- **PROMPT**:
Your response should contain only the lines running from the top of the data below through the line with "<!DOCTYPE svg PUBLIC", both included. Pictures must be omitted.

- **DATA SUPPLIED**:
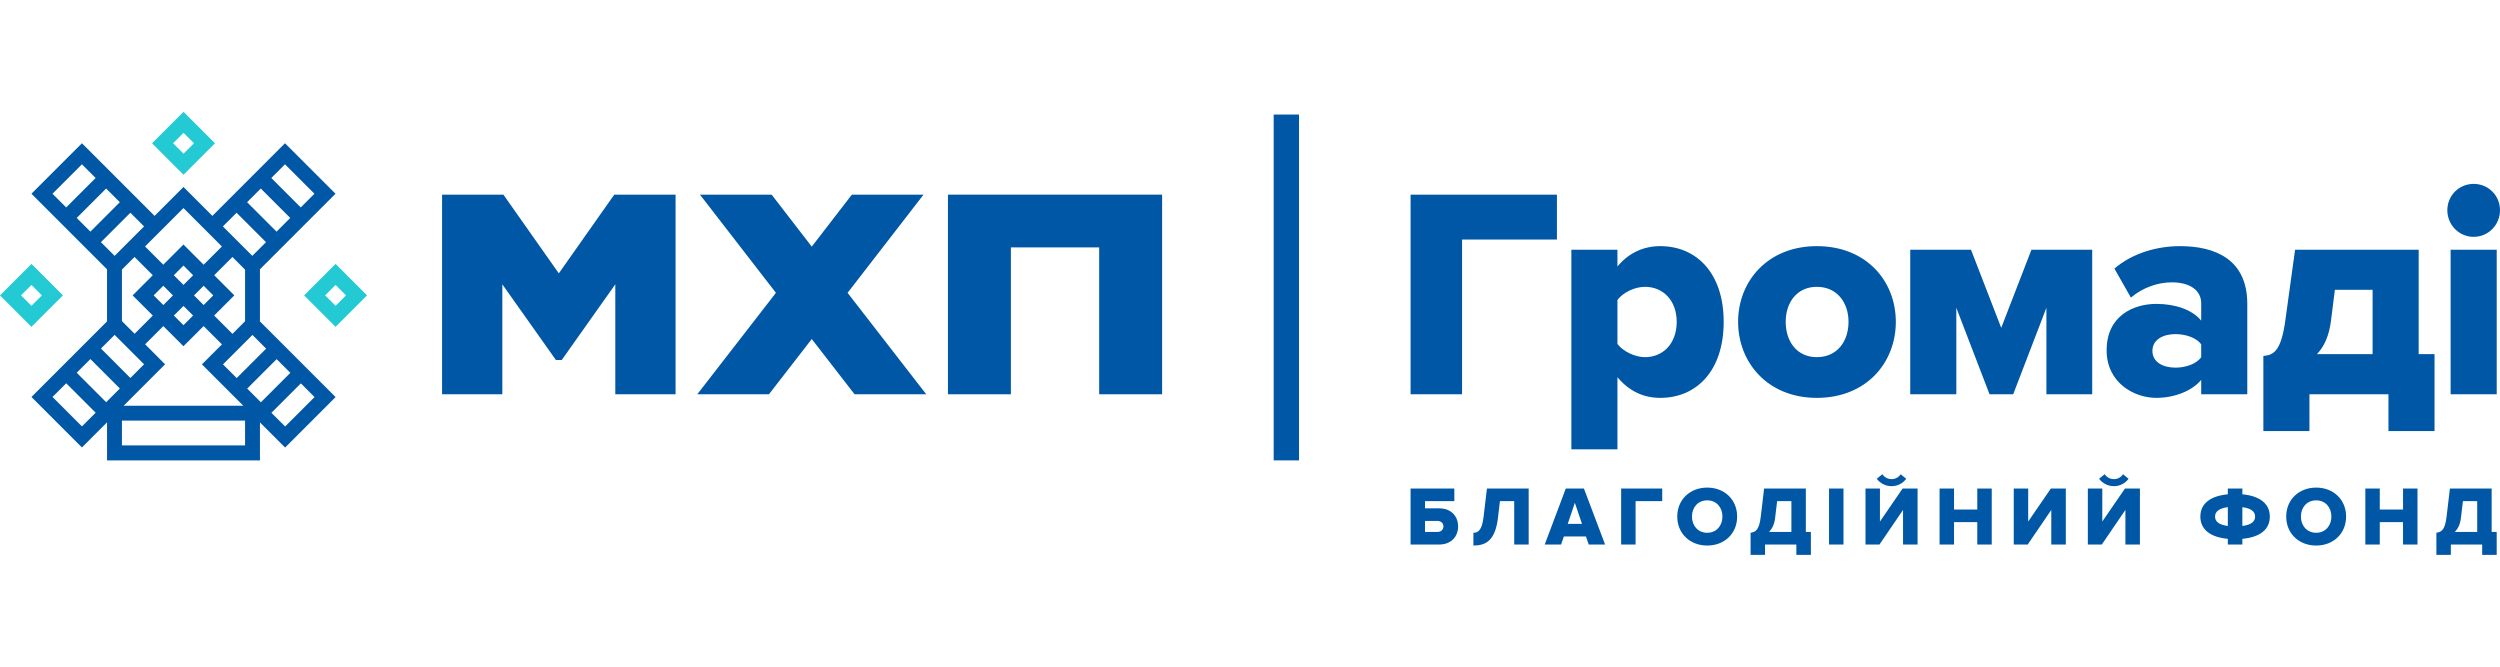<?xml version="1.0" encoding="utf-8"?>
<!-- Generator: Adobe Illustrator 17.0.0, SVG Export Plug-In . SVG Version: 6.00 Build 0)  -->
<!DOCTYPE svg PUBLIC "-//W3C//DTD SVG 1.1//EN" "http://www.w3.org/Graphics/SVG/1.1/DTD/svg11.dtd">
<svg version="1.1" id="Layer_1" xmlns="http://www.w3.org/2000/svg" xmlns:xlink="http://www.w3.org/1999/xlink" x="0px" y="0px"
	 width="300px" height="80px" viewBox="-72.1 -26.194 300 80" enable-background="new -72.1 -26.194 300 80" xml:space="preserve">
<g id="Слой_x0020_1">
	<g id="_2998644439232">
		<path fill="#0057A6" d="M208.086,8.585h4.525v7.721h-6.679c0.897-0.933,1.472-2.262,1.688-4.022L208.086,8.585L208.086,8.585z
			 M188.956,17.923L188.956,17.923c-1.473,0-2.766-0.646-2.766-2.012c0-1.364,1.292-2.011,2.766-2.011
			c1.22,0,2.514,0.431,3.088,1.221v1.544C191.469,17.491,190.176,17.923,188.956,17.923z M197.575,21.118V10.273
			c0-5.387-3.915-6.931-8.08-6.931c-2.658,0-5.639,0.79-7.865,2.693l1.976,3.483c1.4-1.185,3.196-1.831,4.92-1.831
			c2.226,0,3.519,1.005,3.519,2.514v2.083c-1.042-1.293-3.088-2.011-5.386-2.011c-2.658,0-5.962,1.365-5.962,5.567
			c0,3.914,3.305,5.71,5.962,5.71c2.226,0,4.309-0.862,5.386-2.155v1.723H197.575L197.575,21.118z M145.918,16.665L145.918,16.665
			c-2.406,0-3.735-1.903-3.735-4.238c0-2.298,1.329-4.202,3.735-4.202c2.441,0,3.805,1.904,3.805,4.202
			C149.724,14.762,148.359,16.665,145.918,16.665z M145.918,21.55L145.918,21.55c5.961,0,9.481-4.238,9.481-9.122
			c0-4.884-3.52-9.086-9.481-9.086c-5.89,0-9.446,4.202-9.446,9.086S140.028,21.55,145.918,21.55z M125.297,16.665L125.297,16.665
			c-1.185,0-2.621-0.682-3.304-1.58V9.805c0.683-0.933,2.119-1.58,3.304-1.58c2.156,0,3.807,1.616,3.807,4.202
			C129.104,15.049,127.452,16.665,125.297,16.665z M127.129,21.55L127.129,21.55c4.345,0,7.613-3.232,7.613-9.122
			c0-5.854-3.268-9.086-7.613-9.086c-1.976,0-3.77,0.79-5.136,2.442V3.773h-5.53v23.954h5.53v-8.655
			C123.429,20.795,125.19,21.55,127.129,21.55z M103.347,21.118V2.552h11.384v-5.388H97.17v23.954L103.347,21.118L103.347,21.118z
			 M178.965,21.118V3.773h-7.291l-3.627,9.373l-3.627-9.373h-7.291v17.345h5.53V10.74l3.986,10.378h2.838l3.986-10.378v10.378h5.495
			H178.965z M227.9-0.968L227.9-0.968c0-1.75-1.391-3.16-3.16-3.16c-1.76,0-3.16,1.4-3.16,3.16c0,1.759,1.4,3.196,3.16,3.196
			C226.514,2.228,227.9,0.777,227.9-0.968z M227.505,21.118V3.773h-5.531v17.345H227.505z M199.503,25.536h5.53v-4.418h9.481v4.418
			h5.531v-9.23h-1.903V3.773h-14.832l-1.149,8.331c-0.502,3.77-1.365,4.309-2.658,4.417L199.503,25.536L199.503,25.536z"/>
		<polygon fill="#0057A6" points="80.742,29.052 83.783,29.052 83.783,-12.449 80.742,-12.449 		"/>
		<polygon fill="#0057A6" points="8.968,21.119 8.968,-2.837 1.611,-2.837 -5.042,6.609 -11.694,-2.837 -19.051,-2.837 
			-19.051,21.119 -11.821,21.119 -11.821,7.925 -5.391,17.006 -4.693,17.006 1.737,7.925 1.737,21.119 		"/>
		<polygon fill="#0057A6" points="38.724,-2.837 30.125,-2.837 25.311,3.4 20.496,-2.837 11.896,-2.837 21.01,8.945 11.574,21.119 
			20.174,21.119 25.311,14.49 30.448,21.119 39.047,21.119 29.61,8.945 		"/>
		<polygon fill="#0057A6" points="67.354,21.119 67.354,-2.837 41.653,-2.837 41.653,21.119 49.207,21.119 49.207,3.493 
			59.801,3.493 59.801,21.119 		"/>
		<path fill="#0057A6" d="M-31.829,21.454l-9.078-9.078V6.121l9.065-9.066l-6.058-6.058l-8.716,8.717l-3.467-3.468v0.001
			l-0.001-0.001l-3.467,3.467l-8.716-8.716l-5.108,5.106l-0.95,0.952l9.07,9.07v6.245l-9.07,9.071l6.058,6.058l3.013-3.013v4.565
			h18.347v-4.561l3.02,3.021L-31.829,21.454L-31.829,21.454z M-62.894,18.536L-62.894,18.536l1.643-1.643l3.534,3.533l-1.643,1.643
			C-59.361,22.068-62.894,18.536-62.894,18.536z M-60.623,23.331L-60.623,23.331l-1.643,1.643l-3.532-3.533l1.643-1.643
			C-64.156,19.798-60.623,23.331-60.623,23.331z M-55.956,4.644L-55.956,4.644l2.189,2.189l-2.418,2.418l2.422,2.422l-2.186,2.187
			l-1.52-1.521V6.156L-55.956,4.644L-55.956,4.644z M-50.084,5.675L-50.084,5.675l1.16,1.159l-1.158,1.159l-1.16-1.16L-50.084,5.675
			L-50.084,5.675z M-42.692,6.163v6.194l-1.512,1.514l-2.199-2.199l2.422-2.422l-2.417-2.417l2.189-2.189
			C-44.21,4.645-42.692,6.163-42.692,6.163z M-45.342,17.532L-45.342,17.532l3.534-3.533l1.643,1.643l-3.532,3.533
			C-43.698,19.175-45.342,17.532-45.342,17.532z M-46.507,9.251L-46.507,9.251l-1.159,1.159l-1.154-1.154l1.158-1.158L-46.507,9.251
			z M-50.084,12.828L-50.084,12.828l-1.154-1.155l1.155-1.155l1.154,1.154C-48.928,11.672-50.084,12.828-50.084,12.828z
			 M-51.345,9.256L-51.345,9.256l-1.155,1.155l-1.159-1.16l1.155-1.155C-52.505,8.095-51.345,9.256-51.345,9.256z M-54.812,17.52
			L-54.812,17.52l-1.643,1.644l-3.532-3.534l1.643-1.643L-54.812,17.52z M-52.291,17.522L-52.291,17.522l-2.395-2.401l2.185-2.185
			l2.415,2.415l2.42-2.416l2.199,2.199l-2.402,2.396l4.964,4.964h-14.355C-57.261,22.493-52.291,17.522-52.291,17.522z
			 M-42.437,20.437L-42.437,20.437l3.533-3.532l1.643,1.643l-3.533,3.534C-40.794,22.081-42.437,20.437-42.437,20.437z
			 M-37.272-0.038L-37.272-0.038l-1.644,1.643l-3.532-3.534l1.642-1.643L-37.272-0.038z M-39.544-4.834L-39.544-4.834l1.643-1.643
			l3.533,3.533l-1.643,1.643C-36.011-1.302-39.544-4.834-39.544-4.834z M-43.711-0.666L-43.711-0.666l3.532,3.532l-1.643,1.643
			l-3.533-3.533C-45.355,0.976-43.711-0.666-43.711-0.666z M-45.473,3.383L-45.473,3.383l-2.19,2.189l-2.422-2.422l-2.42,2.421
			l-2.19-2.189l4.611-4.61C-50.084-1.228-45.473,3.383-45.473,3.383z M-58.347,4.509L-58.347,4.509l-1.643-1.643l3.533-3.533
			l1.643,1.643C-54.814,0.976-58.347,4.509-58.347,4.509z M-59.363-3.572L-59.363-3.572l1.643,1.643l-3.533,3.532l-1.643-1.644
			C-62.896-0.04-59.363-3.572-59.363-3.572z M-64.158-1.301L-64.158-1.301l-1.643-1.643l3.533-3.534l1.643,1.643
			C-60.625-4.834-64.158-1.301-64.158-1.301z M-57.469,27.252v-2.974h14.777v2.974C-42.693,27.252-57.469,27.252-57.469,27.252z
			 M-37.888,24.986L-37.888,24.986l-1.643-1.643l3.533-3.532l1.643,1.643L-37.888,24.986z"/>
		<path fill="#23CAD3" d="M-31.829,7.999l1.251,1.251l-1.251,1.252l-1.251-1.252L-31.829,7.999z M-29.941,7.362L-29.941,7.362
			l-1.888-1.888l-3.776,3.776l3.776,3.777l3.776-3.777L-29.941,7.362L-29.941,7.362z"/>
		<path fill="#23CAD3" d="M-68.324,7.999l1.252,1.251l-1.252,1.252l-1.252-1.252L-68.324,7.999z M-66.436,7.362L-66.436,7.362
			l-1.888-1.888L-72.1,9.251l3.776,3.777l3.776-3.777L-66.436,7.362L-66.436,7.362z"/>
		<path fill="#23CAD3" d="M-50.077-10.254l1.252,1.251l-1.252,1.251l-1.251-1.251L-50.077-10.254z M-48.189-10.89L-48.189-10.89
			l-1.888-1.888l-3.776,3.776l3.776,3.777l3.776-3.777L-48.189-10.89L-48.189-10.89z"/>
		<path fill="#0057A6" d="M223.21,35.967l0.242-2.026h1.713v3.699h-2.691C222.858,37.256,223.12,36.723,223.21,35.967L223.21,35.967
			z M183.329,31.26l-0.665-0.544c-0.252,0.373-0.635,0.585-1.099,0.585c-0.484,0-0.856-0.242-1.108-0.585l-0.665,0.544
			c0.413,0.544,1.058,0.886,1.773,0.886C182.29,32.146,182.926,31.804,183.329,31.26L183.329,31.26z M180.114,39.151l2.833-4.153
			v4.153h1.743v-6.722h-1.794l-2.721,3.961v-3.961h-1.734v6.722H180.114L180.114,39.151z M171.223,39.151l2.832-4.153v4.153h1.743
			v-6.722h-1.794l-2.721,3.961v-3.961h-1.733v6.722H171.223z M166.908,39.151v-6.722h-1.734v2.519h-2.791v-2.519h-1.734v6.722h1.734
			V36.46h2.791v2.691H166.908z M156.648,31.26l-0.665-0.544c-0.251,0.373-0.635,0.585-1.099,0.585c-0.484,0-0.856-0.242-1.108-0.585
			l-0.665,0.544c0.413,0.544,1.058,0.886,1.774,0.886C155.609,32.146,156.245,31.804,156.648,31.26z M153.433,39.151l2.832-4.153
			v4.153h1.743v-6.722h-1.794l-2.721,3.961v-3.961h-1.734v6.722H153.433z M149.118,39.151v-6.722h-1.734v6.722H149.118z
			 M140.913,35.966l0.242-2.026h1.713v3.699h-2.691C140.561,37.256,140.823,36.722,140.913,35.966z M137.97,40.391h1.734v-1.239
			h3.76v1.239h1.743v-2.752h-0.605v-5.21h-5.009l-0.403,3.406c-0.192,1.531-0.575,1.804-1.22,1.904
			C137.97,37.739,137.97,40.391,137.97,40.391z M132.769,37.739c-1.119,0-1.834-0.856-1.834-1.945c0-1.099,0.716-1.946,1.834-1.946
			c1.108,0,1.823,0.847,1.823,1.946C134.593,36.883,133.878,37.739,132.769,37.739z M132.769,39.272
			c2.056,0,3.588-1.432,3.588-3.478c0-2.045-1.532-3.477-3.588-3.477c-2.057,0-3.598,1.431-3.598,3.477
			C129.171,37.84,130.713,39.272,132.769,39.272z M124.171,39.151V33.94h3.195v-1.512h-4.929v6.722H124.171z M117.74,36.672h-1.713
			l0.856-2.53L117.74,36.672z M120.512,39.151l-2.54-6.722h-2.177l-2.53,6.722h1.965l0.333-0.968h2.651l0.332,0.968H120.512
			L120.512,39.151z M104.708,39.272c1.472,0,2.621-0.585,2.944-3.306l0.242-2.026h1.713v5.211h1.734v-6.722h-5.009l-0.403,3.406
			c-0.192,1.531-0.595,1.904-1.22,1.904L104.708,39.272L104.708,39.272z M100.383,36.319c0.414,0,0.726,0.242,0.726,0.655
			c0,0.424-0.312,0.666-0.726,0.666h-1.481v-1.32H100.383z M97.168,32.429v6.722h3.427c1.482,0,2.278-0.998,2.278-2.177
			s-0.797-2.167-2.278-2.167h-1.693V33.94h3.518v-1.512H97.168z M220.267,40.391h1.734v-1.239h3.76v1.239h1.743v-2.752h-0.605v-5.21
			h-5.009l-0.403,3.406c-0.191,1.531-0.574,1.804-1.22,1.904L220.267,40.391L220.267,40.391z M217.998,39.151v-6.722h-1.733v2.519
			h-2.792v-2.519h-1.733v6.722h1.733V36.46h2.792v2.691C216.265,39.151,217.998,39.151,217.998,39.151z M205.843,37.739
			c-1.119,0-1.834-0.856-1.834-1.945c0-1.099,0.716-1.946,1.834-1.946c1.108,0,1.824,0.847,1.824,1.946
			C207.667,36.883,206.951,37.739,205.843,37.739z M205.843,39.272c2.056,0,3.588-1.432,3.588-3.478
			c0-2.045-1.531-3.477-3.588-3.477c-2.056,0-3.598,1.431-3.598,3.477C202.245,37.84,203.787,39.272,205.843,39.272z
			 M193.707,35.794c0-0.615,0.514-0.998,1.532-1.129v2.257C194.221,36.792,193.707,36.419,193.707,35.794z M198.515,35.794
			c0,0.625-0.514,0.998-1.532,1.129v-2.257C198.001,34.797,198.515,35.18,198.515,35.794z M196.983,39.151v-0.686
			c2.076-0.192,3.296-1.089,3.296-2.671c0-1.562-1.22-2.479-3.296-2.671v-0.695h-1.744v0.695c-2.076,0.191-3.296,1.108-3.296,2.671
			c0,1.572,1.22,2.479,3.296,2.671v0.686H196.983z"/>
	</g>
</g>
</svg>

- **ANSWER AREA**:
<?xml version="1.0" encoding="utf-8"?>
<!-- Generator: Adobe Illustrator 17.0.0, SVG Export Plug-In . SVG Version: 6.00 Build 0)  -->
<!DOCTYPE svg PUBLIC "-//W3C//DTD SVG 1.1//EN" "http://www.w3.org/Graphics/SVG/1.1/DTD/svg11.dtd">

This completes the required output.